Trusted platform module security defeated in 30 minutes, no soldering required

Let’s say you’re a large company that has just shipped an employee a brand-new replacement laptop. And let’s say it comes preconfigured to use all the latest best security practices, including full-disk encryption using a trusted platform module, password-protected BIOS settings, UEFI SecureBoot, and virtually all other recommendations from the National Security Agency and NIST for locking down federal computer systems. And let’s say an attacker manages to intercept the machine. Can the attacker use it to hack your network?

Research published last week shows the answer is a resounding yes. Not only that, but a hacker who has done her homework needs a surprisingly short stretch of time alone with the machine to carry out the attack. With that, the hacker can gain the ability to write not only to the stolen laptop, but to the fortified network it was configured to connect to.

Researchers at the security consultancy Dolos Group, hired to test the security of one client’s network, received a new Lenovo computer preconfigured to use the standard security stack for the organization. They received no test credentials, configuration details, or other information about the machine. An analysis of the BIOS settings, boot operation, and hardware quickly revealed that the security measures in place were going to preclude the usual hacks, including:

• pcileech/DMA attacks because Intel’s VT-d BIOS protection was enabled
• Authentication bypasses using tools such as Kon-boot
• Use of tools such as LAN turtle, Responder to exfiltrate data from USB ethernet adapters

Fort Knox and the not-so-armored car

With little else to go on, the researchers focused on the trusted platform module, or TPM, a heavily fortified chip installed on the motherboard that communicates directly with other hardware installed on the machine.
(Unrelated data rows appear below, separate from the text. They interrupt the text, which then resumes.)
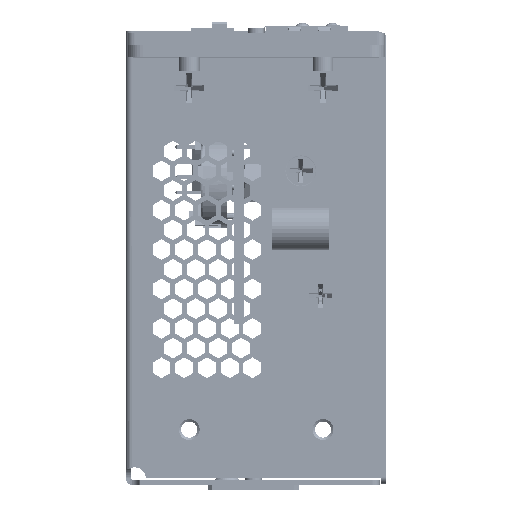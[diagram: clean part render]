
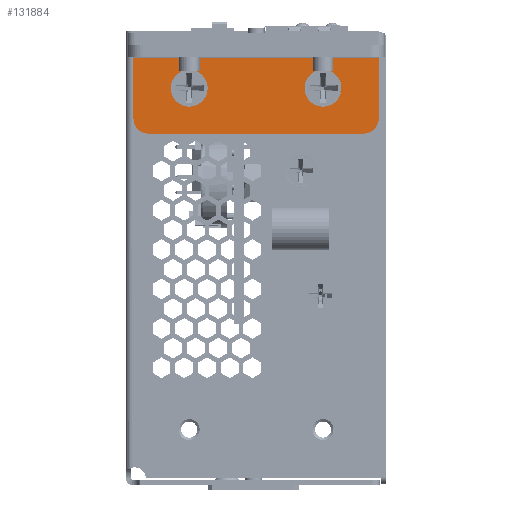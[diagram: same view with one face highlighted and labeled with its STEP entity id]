
A CAD part, left-side view. The second image highlights one B-rep face of the part: STEP entity #131884.
In plain terms, the highlighted planar face has unit normal (-1, 0, 0).
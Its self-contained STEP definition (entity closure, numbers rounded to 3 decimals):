
#63604 = AXIS2_PLACEMENT_3D ( 'NONE', #88319, #88311, #88330 ) ;
#77055 = EDGE_CURVE ( 'NONE', #87954, #87956, #138239, .T. ) ;
#77070 = EDGE_CURVE ( 'NONE', #87965, #87968, #138260, .T. ) ;
#77085 = EDGE_CURVE ( 'NONE', #87968, #87965, #138278, .T. ) ;
#77088 = EDGE_CURVE ( 'NONE', #87956, #87954, #138280, .T. ) ;
#77092 = EDGE_CURVE ( 'NONE', #87976, #87933, #152085, .T. ) ;
#77096 = EDGE_CURVE ( 'NONE', #87976, #87993, #152081, .T. ) ;
#77099 = EDGE_CURVE ( 'NONE', #87990, #87993, #152092, .T. ) ;
#77103 = EDGE_CURVE ( 'NONE', #87987, #87990, #138292, .T. ) ;
#77106 = EDGE_CURVE ( 'NONE', #87911, #87987, #152096, .T. ) ;
#77109 = EDGE_CURVE ( 'NONE', #87933, #87911, #138298, .T. ) ;
#87911 = VERTEX_POINT ( 'NONE', #221223 ) ;
#87933 = VERTEX_POINT ( 'NONE', #221233 ) ;
#87954 = VERTEX_POINT ( 'NONE', #221242 ) ;
#87956 = VERTEX_POINT ( 'NONE', #221243 ) ;
#87965 = VERTEX_POINT ( 'NONE', #221246 ) ;
#87968 = VERTEX_POINT ( 'NONE', #221247 ) ;
#87976 = VERTEX_POINT ( 'NONE', #221250 ) ;
#87987 = VERTEX_POINT ( 'NONE', #221254 ) ;
#87990 = VERTEX_POINT ( 'NONE', #221255 ) ;
#87993 = VERTEX_POINT ( 'NONE', #221256 ) ;
#88311 = DIRECTION ( 'NONE',  ( 1., 0., 0. ) ) ;
#88317 = FACE_BOUND ( 'NONE', #136520, .T. ) ;
#88319 = CARTESIAN_POINT ( 'NONE',  ( 166.741, 89.017, 163.754 ) ) ;
#88321 = FACE_BOUND ( 'NONE', #136495, .T. ) ;
#88325 = FACE_OUTER_BOUND ( 'NONE', #136523, .T. ) ;
#88328 = PLANE ( 'NONE',  #63604 ) ;
#88330 = DIRECTION ( 'NONE',  ( 0., 0., -1. ) ) ;
#104806 = ORIENTED_EDGE ( 'NONE', *, *, #77085, .T. ) ;
#104808 = ORIENTED_EDGE ( 'NONE', *, *, #77070, .T. ) ;
#104810 = ORIENTED_EDGE ( 'NONE', *, *, #77088, .T. ) ;
#104812 = ORIENTED_EDGE ( 'NONE', *, *, #77055, .T. ) ;
#104814 = ORIENTED_EDGE ( 'NONE', *, *, #77092, .F. ) ;
#104815 = ORIENTED_EDGE ( 'NONE', *, *, #77096, .T. ) ;
#104817 = ORIENTED_EDGE ( 'NONE', *, *, #77099, .F. ) ;
#104819 = ORIENTED_EDGE ( 'NONE', *, *, #77103, .F. ) ;
#104821 = ORIENTED_EDGE ( 'NONE', *, *, #77106, .F. ) ;
#104823 = ORIENTED_EDGE ( 'NONE', *, *, #77109, .F. ) ;
#131884 = ADVANCED_FACE ( 'NONE', ( #88317, #88321, #88325 ), #88328, .F. ) ;
#136495 = EDGE_LOOP ( 'NONE', ( #104810, #104812 ) ) ;
#136520 = EDGE_LOOP ( 'NONE', ( #104806, #104808 ) ) ;
#136523 = EDGE_LOOP ( 'NONE', ( #104814, #104815, #104817, #104819, #104821, #104823 ) ) ;
#138239 = CIRCLE ( 'NONE', #138265, 2.921 ) ;
#138260 = CIRCLE ( 'NONE', #138273, 2.921 ) ;
#138265 = AXIS2_PLACEMENT_3D ( 'NONE', #152058, #152059, #152060 ) ;
#138270 = VECTOR ( 'NONE', #152091, 1000. ) ;
#138273 = AXIS2_PLACEMENT_3D ( 'NONE', #152070, #152071, #152072 ) ;
#138278 = CIRCLE ( 'NONE', #138282, 2.921 ) ;
#138280 = CIRCLE ( 'NONE', #138286, 2.921 ) ;
#138282 = AXIS2_PLACEMENT_3D ( 'NONE', #152082, #152083, #152084 ) ;
#138286 = AXIS2_PLACEMENT_3D ( 'NONE', #152087, #152088, #152089 ) ;
#138288 = VECTOR ( 'NONE', #152093, 1000. ) ;
#138289 = VECTOR ( 'NONE', #152095, 1000. ) ;
#138292 = CIRCLE ( 'NONE', #138296, 2.54 ) ;
#138294 = VECTOR ( 'NONE', #152102, 1000. ) ;
#138296 = AXIS2_PLACEMENT_3D ( 'NONE', #152098, #152099, #152100 ) ;
#138298 = CIRCLE ( 'NONE', #138301, 2.54 ) ;
#138301 = AXIS2_PLACEMENT_3D ( 'NONE', #152105, #152106, #152107 ) ;
#152058 = CARTESIAN_POINT ( 'NONE',  ( 166.741, 119.268, -7.29 ) ) ;
#152059 = DIRECTION ( 'NONE',  ( 1., 0., 0. ) ) ;
#152060 = DIRECTION ( 'NONE',  ( 0., 0., -1. ) ) ;
#152070 = CARTESIAN_POINT ( 'NONE',  ( 166.741, 96.84, -7.29 ) ) ;
#152071 = DIRECTION ( 'NONE',  ( 1., 0., 0. ) ) ;
#152072 = DIRECTION ( 'NONE',  ( 0., 0., -1. ) ) ;
#152080 = CARTESIAN_POINT ( 'NONE',  ( 166.741, 89.017, -2.184 ) ) ;
#152081 = LINE ( 'NONE', #152080, #138288 ) ;
#152082 = CARTESIAN_POINT ( 'NONE',  ( 166.741, 96.84, -7.29 ) ) ;
#152083 = DIRECTION ( 'NONE',  ( 1., 0., 0. ) ) ;
#152084 = DIRECTION ( 'NONE',  ( 0., 0., -1. ) ) ;
#152085 = LINE ( 'NONE', #152086, #138270 ) ;
#152086 = CARTESIAN_POINT ( 'NONE',  ( 166.741, 87.493, -12.37 ) ) ;
#152087 = CARTESIAN_POINT ( 'NONE',  ( 166.741, 119.268, -7.29 ) ) ;
#152088 = DIRECTION ( 'NONE',  ( 1., 0., 0. ) ) ;
#152089 = DIRECTION ( 'NONE',  ( 0., 0., -1. ) ) ;
#152090 = CARTESIAN_POINT ( 'NONE',  ( 166.741, 128.616, 0.608 ) ) ;
#152091 = DIRECTION ( 'NONE',  ( 0., 0., -1. ) ) ;
#152092 = LINE ( 'NONE', #152090, #138289 ) ;
#152093 = DIRECTION ( 'NONE',  ( 0., 1., 0. ) ) ;
#152095 = DIRECTION ( 'NONE',  ( 0., 0., 1. ) ) ;
#152096 = LINE ( 'NONE', #152097, #138294 ) ;
#152097 = CARTESIAN_POINT ( 'NONE',  ( 166.741, 90.033, -14.91 ) ) ;
#152098 = CARTESIAN_POINT ( 'NONE',  ( 166.741, 126.076, -12.37 ) ) ;
#152099 = DIRECTION ( 'NONE',  ( 1., 0., 0. ) ) ;
#152100 = DIRECTION ( 'NONE',  ( 0., 0., -1. ) ) ;
#152102 = DIRECTION ( 'NONE',  ( 0., 1., 0. ) ) ;
#152105 = CARTESIAN_POINT ( 'NONE',  ( 166.741, 90.033, -12.37 ) ) ;
#152106 = DIRECTION ( 'NONE',  ( 1., 0., 0. ) ) ;
#152107 = DIRECTION ( 'NONE',  ( 0., 0., -1. ) ) ;
#221223 = CARTESIAN_POINT ( 'NONE',  ( 166.741, 90.033, -14.91 ) ) ;
#221233 = CARTESIAN_POINT ( 'NONE',  ( 166.741, 87.493, -12.37 ) ) ;
#221242 = CARTESIAN_POINT ( 'NONE',  ( 166.741, 119.268, -4.369 ) ) ;
#221243 = CARTESIAN_POINT ( 'NONE',  ( 166.741, 119.268, -10.211 ) ) ;
#221246 = CARTESIAN_POINT ( 'NONE',  ( 166.741, 96.84, -4.369 ) ) ;
#221247 = CARTESIAN_POINT ( 'NONE',  ( 166.741, 96.84, -10.211 ) ) ;
#221250 = CARTESIAN_POINT ( 'NONE',  ( 166.741, 87.493, -2.184 ) ) ;
#221254 = CARTESIAN_POINT ( 'NONE',  ( 166.741, 126.076, -14.91 ) ) ;
#221255 = CARTESIAN_POINT ( 'NONE',  ( 166.741, 128.616, -12.37 ) ) ;
#221256 = CARTESIAN_POINT ( 'NONE',  ( 166.741, 128.616, -2.184 ) ) ;

The researchers noticed that, as is the default for disk encryption using Microsoft’s BitLocker, the laptop booted directly to the Windows screen, with no prompt for entering a PIN or password. That meant that the TPM was where the sole cryptographic secret for unlocking the drive was stored.

Microsoft recommends overriding the default and using a PIN or password only for threat models that anticipate an attacker with enough skill and time alone with an unattended target machine to open the case and solder motherboard devices. After completing their analysis, the researchers said that the Microsoft advice is inadequate because it opens devices to attacks that can be performed by abusive spouses, malicious insiders, or other people who have fleeting private access.

“A pre-equipped attacker can perform this entire attack chain in less than 30 minutes with no soldering, simple and relatively cheap hardware, and publicly available tools,” the Dolos Group researchers wrote in a post, “a process that places it squarely into Evil-Maid territory.”

TPMs have multiple layers of defenses that prevent attackers from extracting or tampering with the data they store. For instance, an analysis more than 10 years ago by reverse-engineer Christopher revealed that a TPM chip made by Infineon was designed to self-destruct in the event it was physically penetrated. Optical sensors, for instance, detected ambient light from luminous sources. And a wire mesh that covered the microcontroller was aimed at disabling the chip should any of its electrical circuits be disturbed.

With little hope of cracking the chip inside the Lenovo laptop, the Dolos researchers sought other ways they might be able to extract the key that decrypted the hard drive. They noticed that the TPM communicated with the CPU using serial peripheral interface, a communications protocol for embedded systems.

Abbreviated as SPI, the firmware provides no encryption capabilities of its own, so any encryption must be handled by the devices the TPM is communicating with. Microsoft’s BitLocker, meanwhile, doesn’t use any of the encrypted communications features of the latest TPM standard. That meant if the researchers could tap into the connection between the TPM and the CPU, they might be able to extract the key.

They wrote:

Getting around the TPM in this manner is akin to ignoring Fort Knox and focusing on the not-so-armored car coming out of it.

 

In order to sniff the data moving over the SPI bus, we must attach leads or probes to the pins (labeled above as MOSI, MISO, CS, and CLK) on the TPM. Normally that is simple but there is a practical problem in this case. This TPM is on a VQFN32 footprint, which is very tiny. The “pins” are actually only 0.25mm wide and spaced 0.5mm apart. And those “pins” aren’t actually pins, they are flat against the wall of the chip so it’s physically impossible to attach any sort of clip. You could solder “fly leads” to the solder pads but that’s a hassle and tends to be a very physically unstable connection. Alternatively a common tactic is to locate in-series resistors to solder to, but they were just as small, and even more fragile. This was not going to be easy.

 

But before we got started we figured there might be another way. Many times SPI chips share the same “bus” with other SPI chips. It’s a technique hardware designers use to make connections simpler, save on cost, and make troubleshooting/programming easier. We started looking throughout the board for any other chip that might be on the same bus as the TPM. Maybe their pins would be larger and easier to use. After some probing and consulting the schematics, it turned out that the TPM shared a SPI bus with a single other chip, the CMOS chip, which definitely had larger pins. In fact, the CMOS chip had just about the largest pin size you can find on standard motherboards, it was a SOP-8 (aka SOIC-8).